Your opinions of Trump don't matter to him, but your fact-based reporting will. As John Adams said: "Facts are stubborn things: and whatever may be our wishes, our inclinations, or the dictates of our passions, they cannot alter the state of facts and evidence".
Adam (Tallahassee)
This editorial proceeds under the assumption that (a) Trump has ever had a coherent plan; and (b) Trump is interested in policy. All he focuses on is his message and in so doing he depends on the ignorance of the American voter.
RK (Long Island, NY)
Trump may have said things about building roads and bridges, but the problem is it is hard to say whether he really believes in the things he says or plans to follow up on them.

Remember, this is the man who kept talking about the border wall which will be paid by Mexico. Guess what? Trump is asking for $1.5 billion for the current fiscal year and another $2.6 billion for the 2018 budget year to build the wall. U.S. taxpayers, not Mexico, are on the hook to fulfill Trump's promise.

Trump's priorities so far have been the travel ban, deportation, border wall and repealing ACA. Job creatoin, it appears, is not on the top of the list.
Cheekos (South Florida)
When you consider Jobs, just think about the job that he's don e, well not really. Sure he deported a few working moms, with small children left here, back to Mexico. But, what happened to all of those "Bad Hombres"?

He claims credit for jobs, such as Kack Ma, that had been announced back in October. He's trying to browbeat corporate CEOs with huge tax cuts, tax holidays, the border tax and virtually instantaneous depreciations schedules. But excessive depreciations just shifts profits forward and, then there is no depreciation.

Lastly, small businesses, which are ,more labor intensive, are the job creators.
Large corporations use the additional profits for stock dividends, additional dividends and even higher executive pay and bonuses. What's left just goes into job-killing technology.

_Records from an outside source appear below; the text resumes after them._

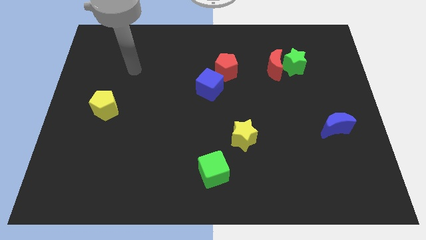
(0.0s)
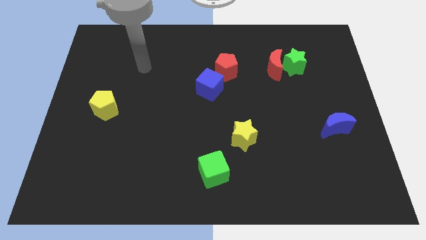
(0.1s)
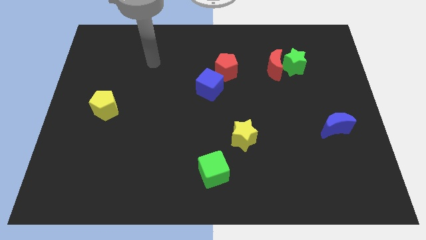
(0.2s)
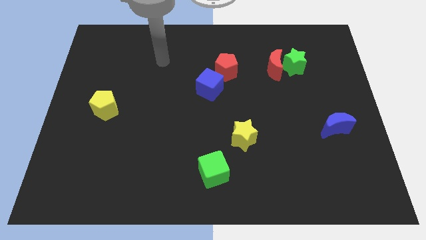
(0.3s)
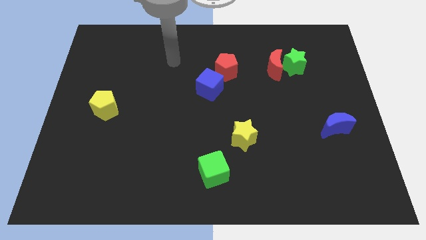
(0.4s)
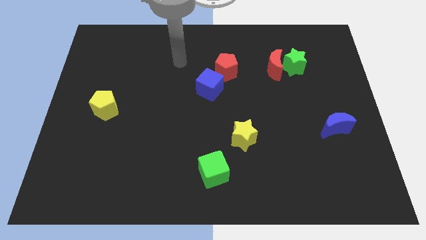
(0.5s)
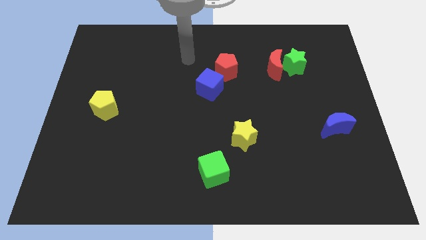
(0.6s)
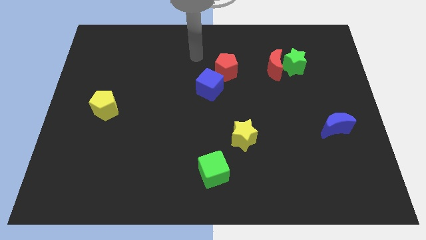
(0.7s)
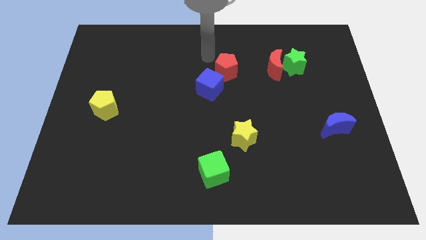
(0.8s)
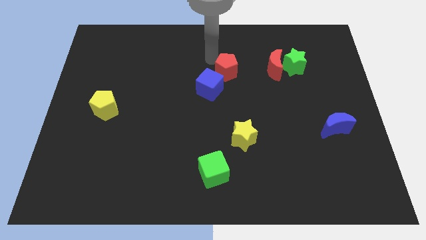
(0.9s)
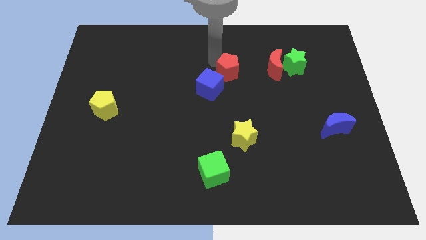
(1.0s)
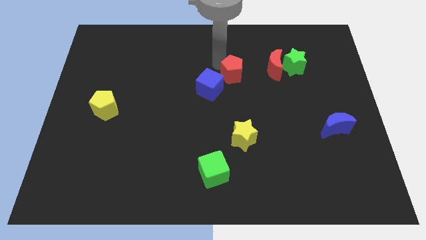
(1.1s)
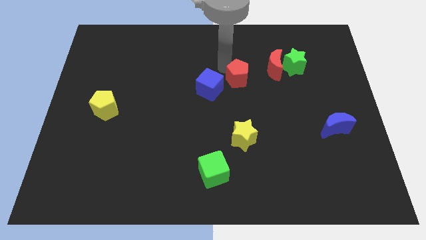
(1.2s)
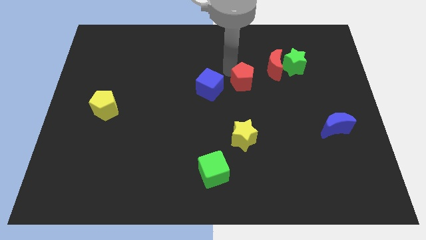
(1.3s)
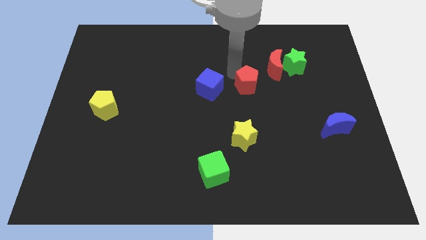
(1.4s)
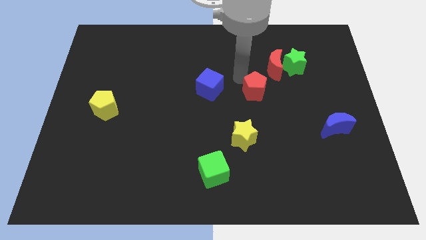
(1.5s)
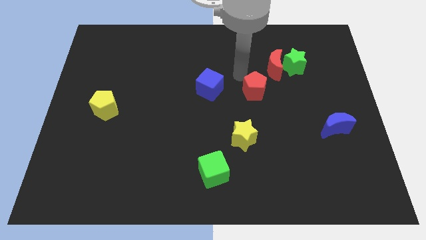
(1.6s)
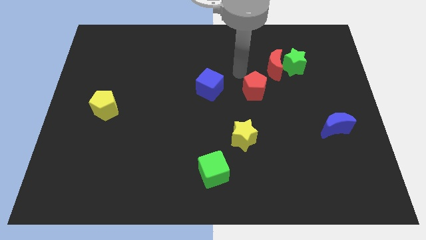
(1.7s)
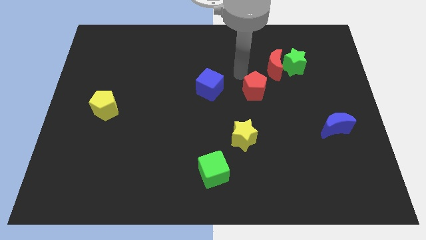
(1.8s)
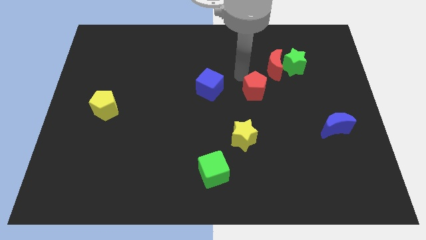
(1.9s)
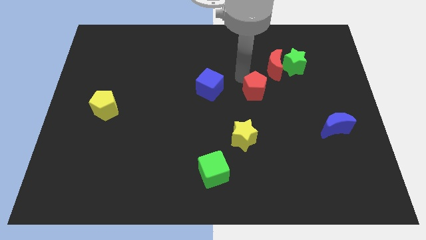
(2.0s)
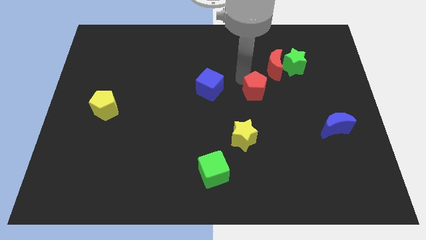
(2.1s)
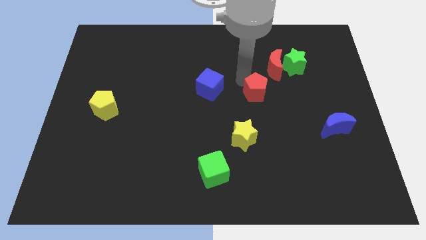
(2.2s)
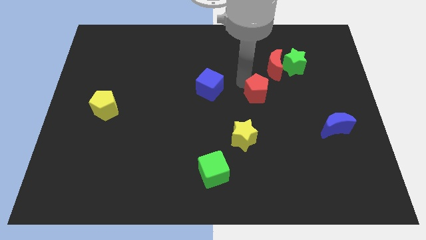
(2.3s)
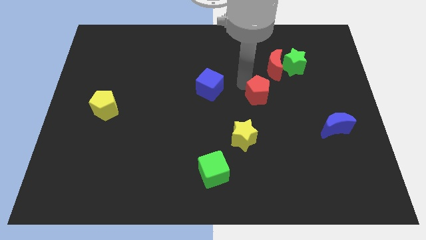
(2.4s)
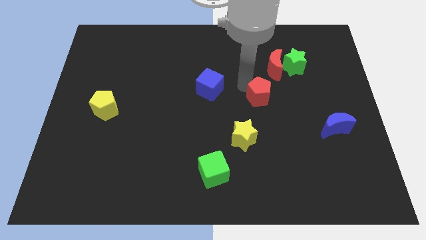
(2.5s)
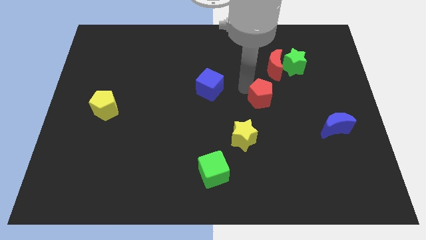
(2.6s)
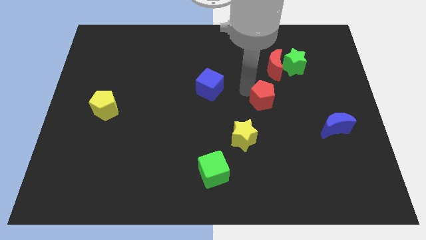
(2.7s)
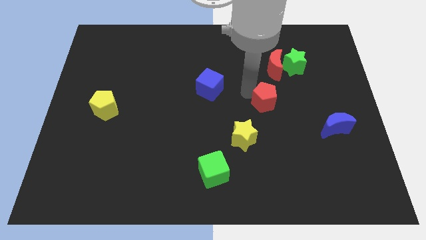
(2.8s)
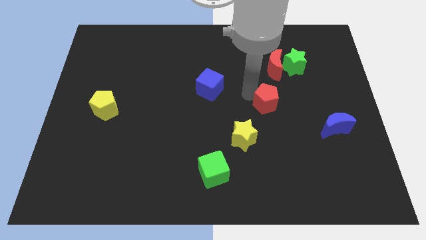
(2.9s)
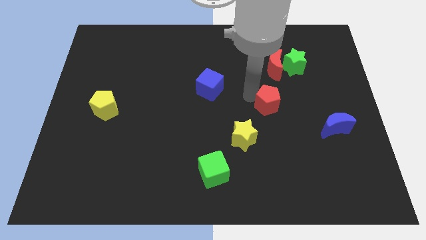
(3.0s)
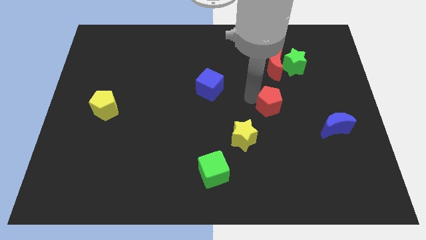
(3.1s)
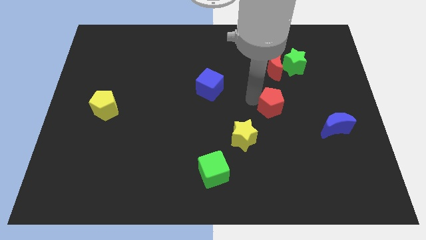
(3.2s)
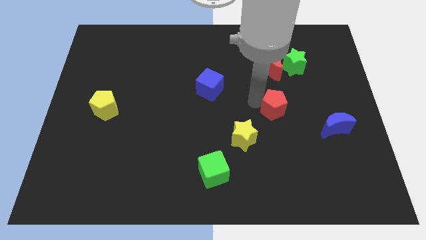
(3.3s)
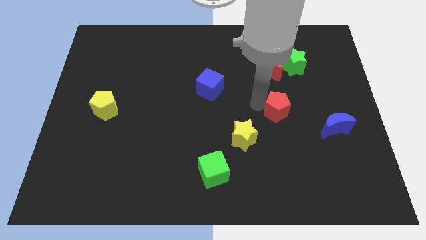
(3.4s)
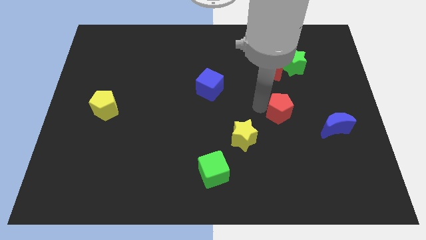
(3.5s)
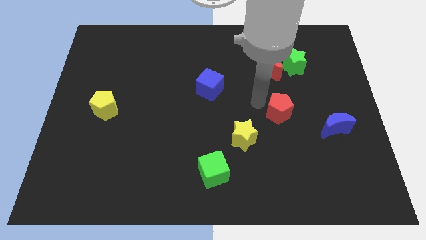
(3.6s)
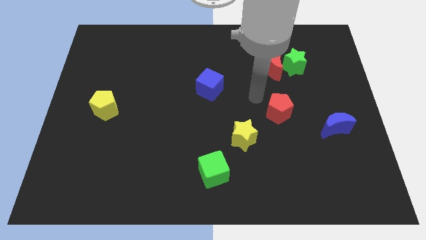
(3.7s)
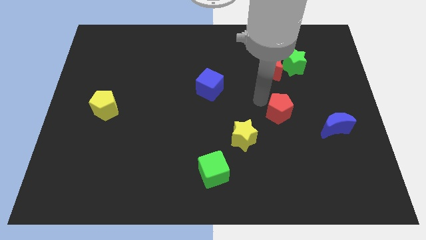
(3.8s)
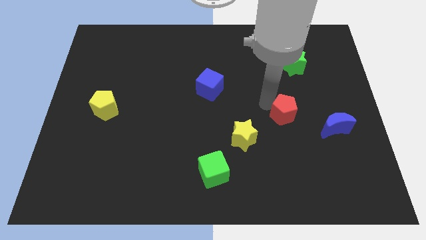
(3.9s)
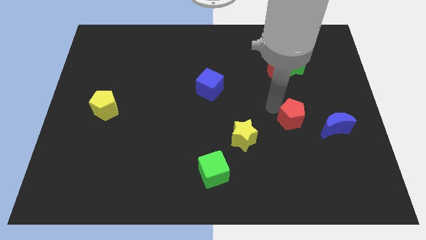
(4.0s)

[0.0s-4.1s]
move the red pentagon down and to the right

https://thetruthoncommonsense.com
John Brews_________ [*¥*] (Reno, NV)
Yeah, so Trump has lost track of his jobs and infrastructure plans and even does counterproductive things like removing environmental and health regulations. I don't think the majority of Americans expect anything from Trump and his stage performance. Mostly we are just sitting with crossed fingers that he'll trip and fall off the platform.

Congress is another story: there are a few capable and imaginative people there. What's wrong with them? Can't muster enough of you to shame the grifters and grafters into useful action?
Andrew G. Bjelland, Sr. (Salt Lake City, Utah)
President Trump evidently has no respect for the office of the Presidency and none for the person of the previous president. His every "wheezing" effort, not just with respect to jobs, but also in relation to all facets of socio-economic-political policy, demonstrates his unsuitability for that high office.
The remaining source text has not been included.